Mbaye Aminata, Diallo Haby, Gnimadi Thibaut Armel Cherif, Kadio Kadio Jean Jacques Olivier, Soumah Abdoul Karim, Koivogui Joel Balle, Monemou Jean Louis, Povogui Moriba Kowa, Kaba Djiba, Hounmenou Castro, Serrano Laetitia, Butel Christelle, Nuñez Nicolas Fernandez, Vidal Nicole, Guichet Emilande, Delaporte Eric, Ayouba Ahidjo, Peeters Martine, Toure Abdoulaye, Keita Alpha Kabinet
Centre de Recherche et de Formation en Infectiologie de Guinée (CERFIG), Université Gamal Abder Nasser de Conakry, Conakry, Guinea.
TransVIHMI, University of Montpellier, Institut de Recherche pour le Développement (IRD), INSERM, Montpellier, France.
BMC Infect Dis. 2025 Jan 2;25(1):3. doi: 10.1186/s12879-024-10411-2.
Several variants of SARS-CoV-2 have a demonstrated impact on public health, including high and increased transmissibility, severity of infection, and immune escape. Therefore, this study aimed to determine the SARS-CoV-2 lineages and better characterize the dynamics of the pandemic during the different waves in Guinea.
Whole genome sequencing of 363 samples with PCR cycle threshold (Ct) values under thirty was undertaken between May 2020 and May 2023. The Illumina iSeq 100 technology was used. The sequences were then analyzed using the GeVarli pipeline to generate consensus sequences and variant calling. All sequences isolated in Guinea and available on GISAID were included in the analysis for phylogenetic tree and phylodynamic determination. Nextstain tools were used for these analyses. Statistical analysis was done using GraphPad Prism version 10.

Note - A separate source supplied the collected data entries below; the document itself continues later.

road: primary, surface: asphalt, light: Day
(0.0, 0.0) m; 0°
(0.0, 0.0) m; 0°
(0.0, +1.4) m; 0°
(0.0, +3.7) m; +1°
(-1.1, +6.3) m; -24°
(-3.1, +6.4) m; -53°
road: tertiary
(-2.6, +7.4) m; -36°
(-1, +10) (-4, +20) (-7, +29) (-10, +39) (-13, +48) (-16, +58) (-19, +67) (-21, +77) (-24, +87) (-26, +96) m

The circulation of SARS-CoV-2 in Guinea can be distributed in three different periods. The first, lasting from May to June 2020, was characterized by lineages B1 and B.1.1. The second period, from January 2021 to July 2021, was characterized by the lineages B.1.1.7 (Alpha), AY.122, B.1.1.318, R1, B.1.525 and B.1.629. The third period, between December 2021 and May 2023, was characterized by the Omicron variant, with nine subvariant majorities found. In addition, detecting variants in the period out of their circulation was documented. The importation and exportation investigation showed the strong movement viral association between Guinea and Senegal on the one hand and Guinea and Nigeria on the other.

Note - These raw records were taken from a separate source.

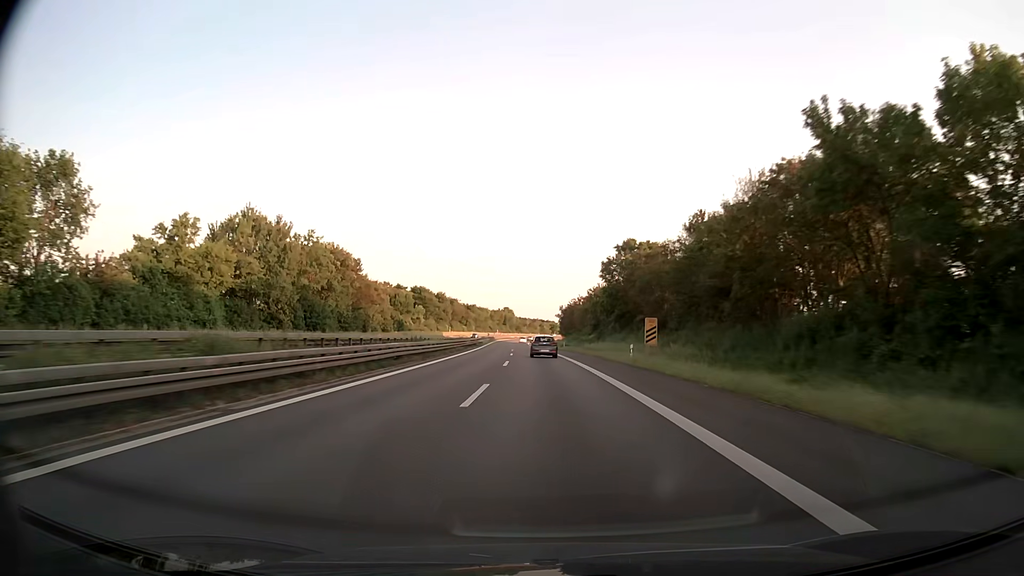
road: trunk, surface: asphalt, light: Day
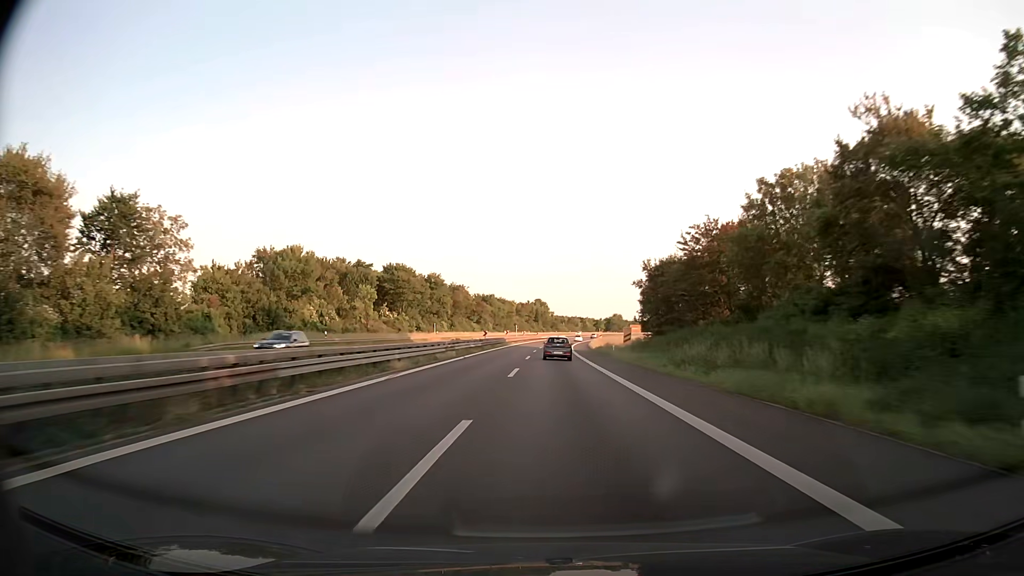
(-2.9, +80.2) m; -3°
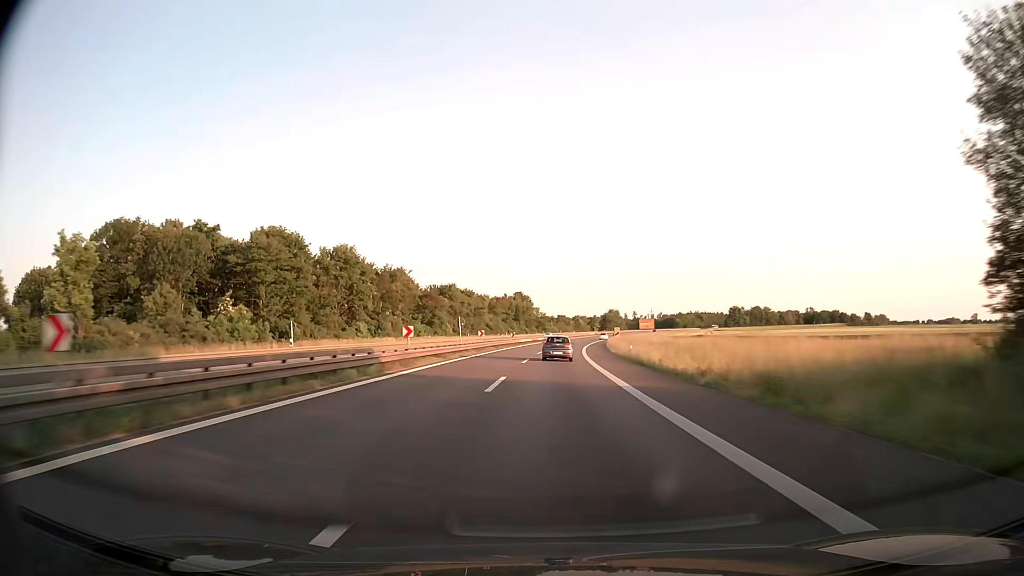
(+0.4, +60.3) m; +1°
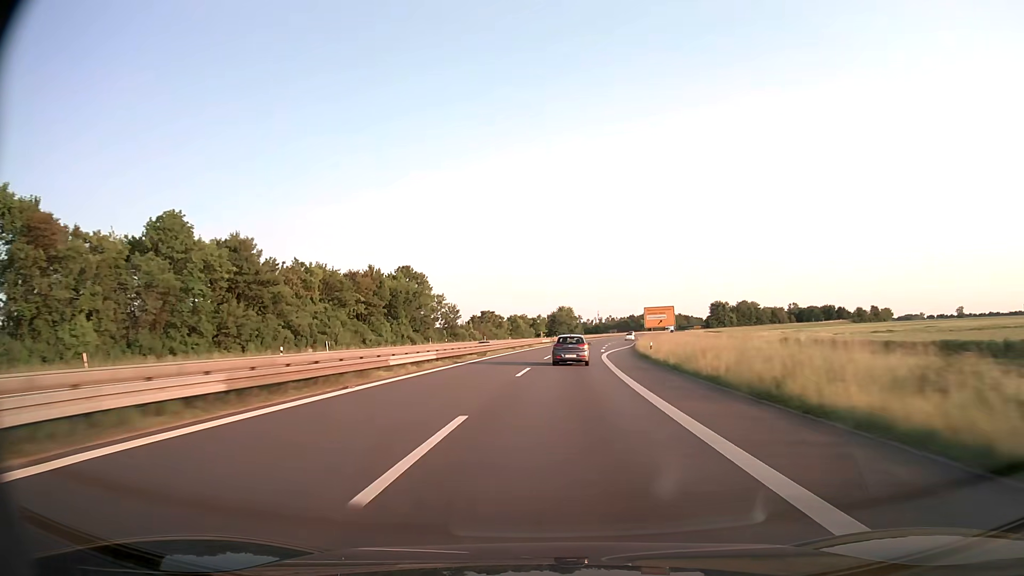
(+4.3, +101.5) m; +5°
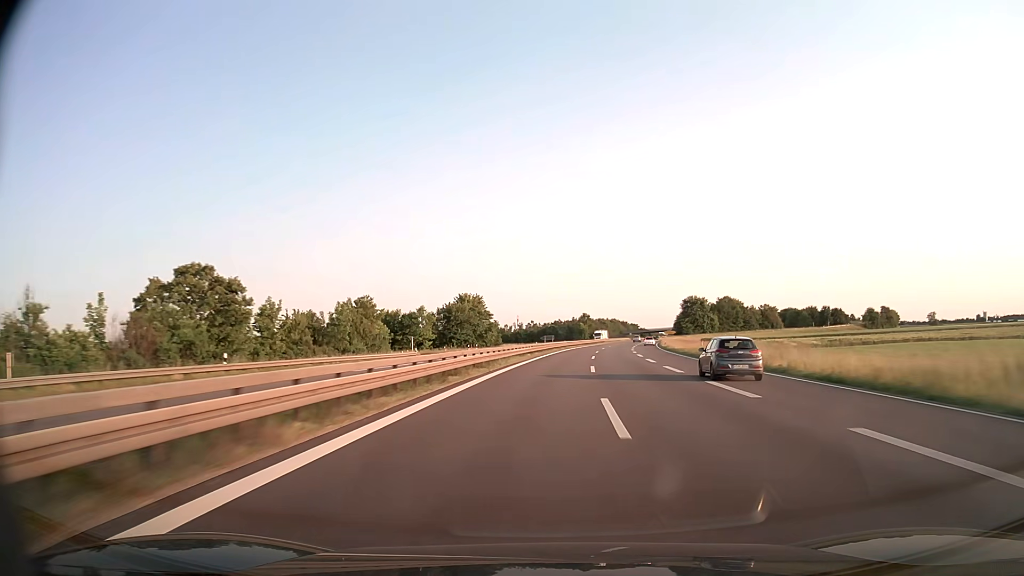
(+5.6, +104.8) m; +7°
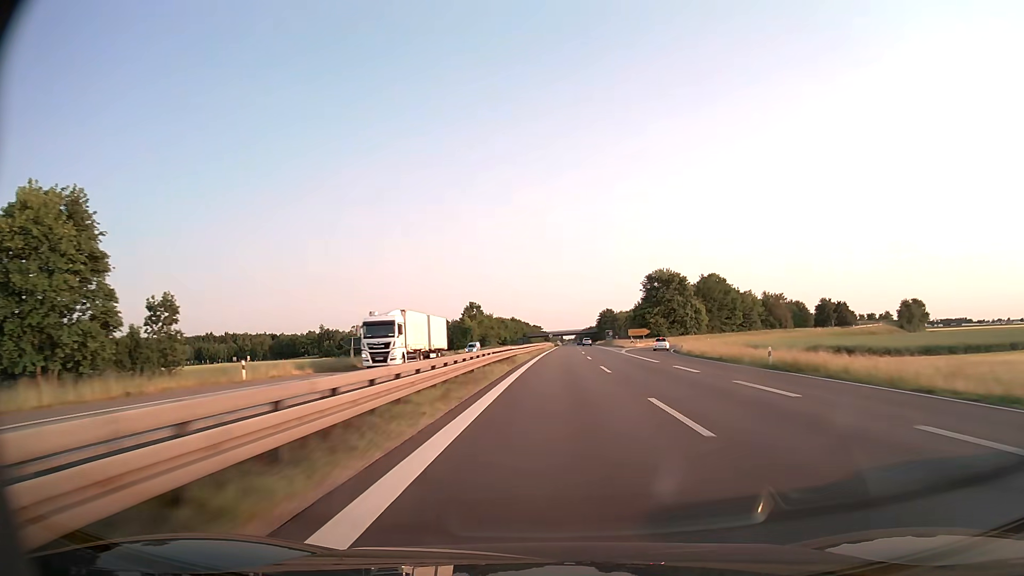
(+8.4, +108.6) m; +9°
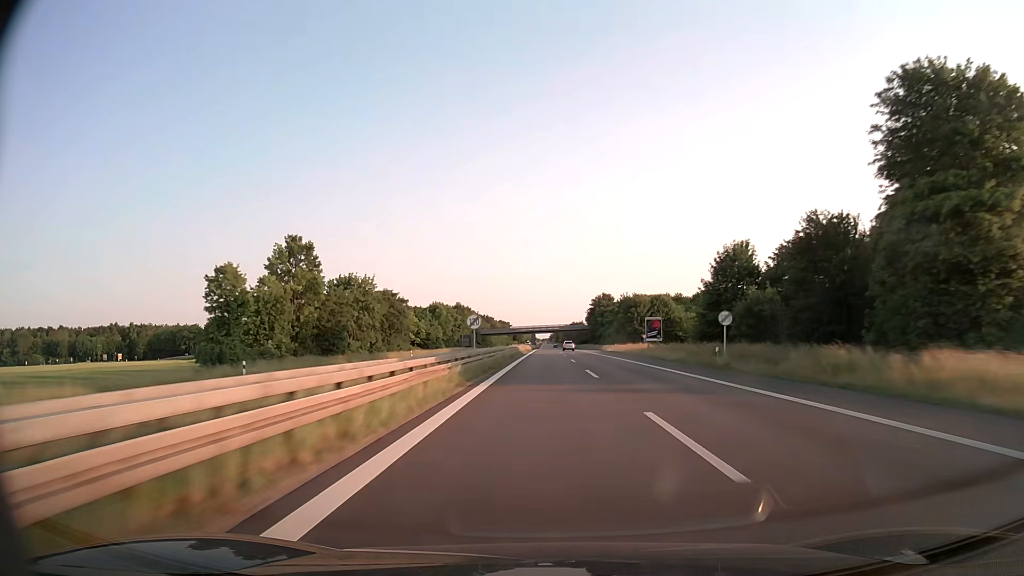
(+3.9, +111.7) m; +3°
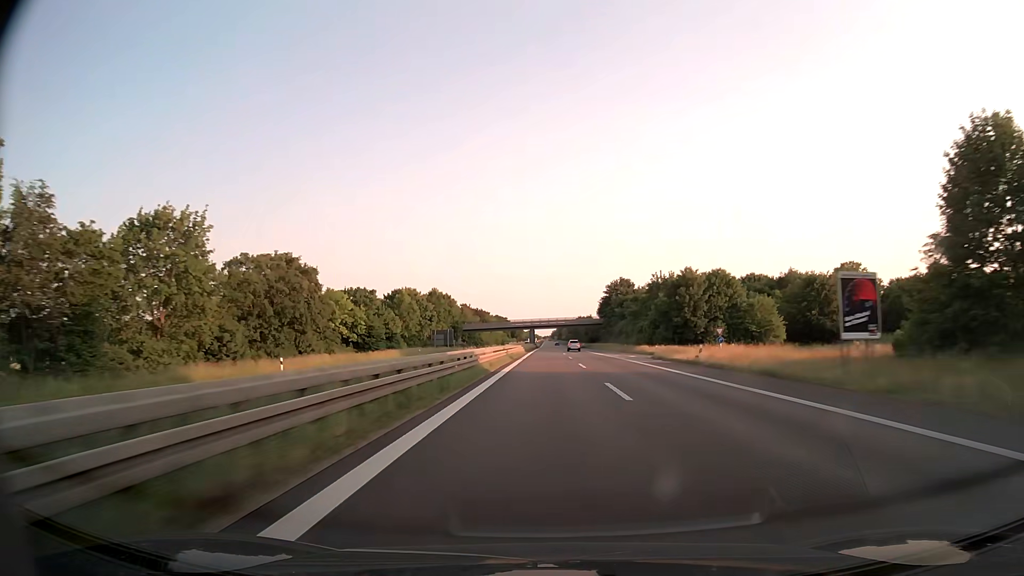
(-0.1, +45.6) m; 0°
(0, +10) (0, +20) (0, +30) (0, +40) (0, +50) (0, +60) (0, +70) (0, +80) (0, +90) (0, +100) m

In summary, this study contributes to understanding the epidemic dynamics of the disease by describing the significant variants that circulated in Guinee and the distribution of this variant in the population. It also shows the importation and exportation of the virus during the pandemic. Sub-sampling and degradation of samples for sequences were observed. Organization and collaboration between laboratories are needed for a good sample-collecting and storage system for future direction.
严重急性呼吸综合征冠状病毒2(SARS-CoV-2)的几种变体已被证明对公共卫生有影响,包括高传播性和传播性增加、感染严重性以及免疫逃逸。因此,本研究旨在确定SARS-CoV-2谱系,并更好地描述几内亚不同疫情波期间大流行的动态。
在2020年5月至2023年5月期间,对363份聚合酶链反应循环阈值(Ct)值低于30的样本进行了全基因组测序。使用了Illumina iSeq 100技术。然后使用GeVarli管道对序列进行分析,以生成共识序列并进行变异检测。在几内亚分离并可在全球共享流感数据倡议组织(GISAID)上获取的所有序列都被纳入系统发育树和系统发育动力学测定的分析中。使用Nextstain工具进行这些分析。使用GraphPad Prism 10版本进行统计分析。
SARS-CoV-2在几内亚的传播可分为三个不同时期。第一个时期从2020年5月持续到6月,其特征是B1和B.1.1谱系。第二个时期从2021年1月到2021年7月,其特征是B.1.1.7(阿尔法)、AY.122、B.1.1.318、R1、B.1.525和B.1.629谱系。第三个时期在2021年12月至2023年5月之间,其特征是奥密克戎变体,发现了9种主要亚变体。此外,还记录了在变体传播期之外检测到变体。进出口调查显示,一方面几内亚与塞内加尔之间,另一方面几内亚与尼日利亚之间存在强烈的病毒传播关联。
总之,本研究通过描述在几内亚传播的重要变体及其在人群中的分布,有助于了解该疾病的流行动态。它还显示了大流行期间病毒的进出口情况。观察到样本用于测序时的二次抽样和降解情况。为了建立良好的样本采集和储存系统以供未来参考,实验室之间需要进行组织和协作。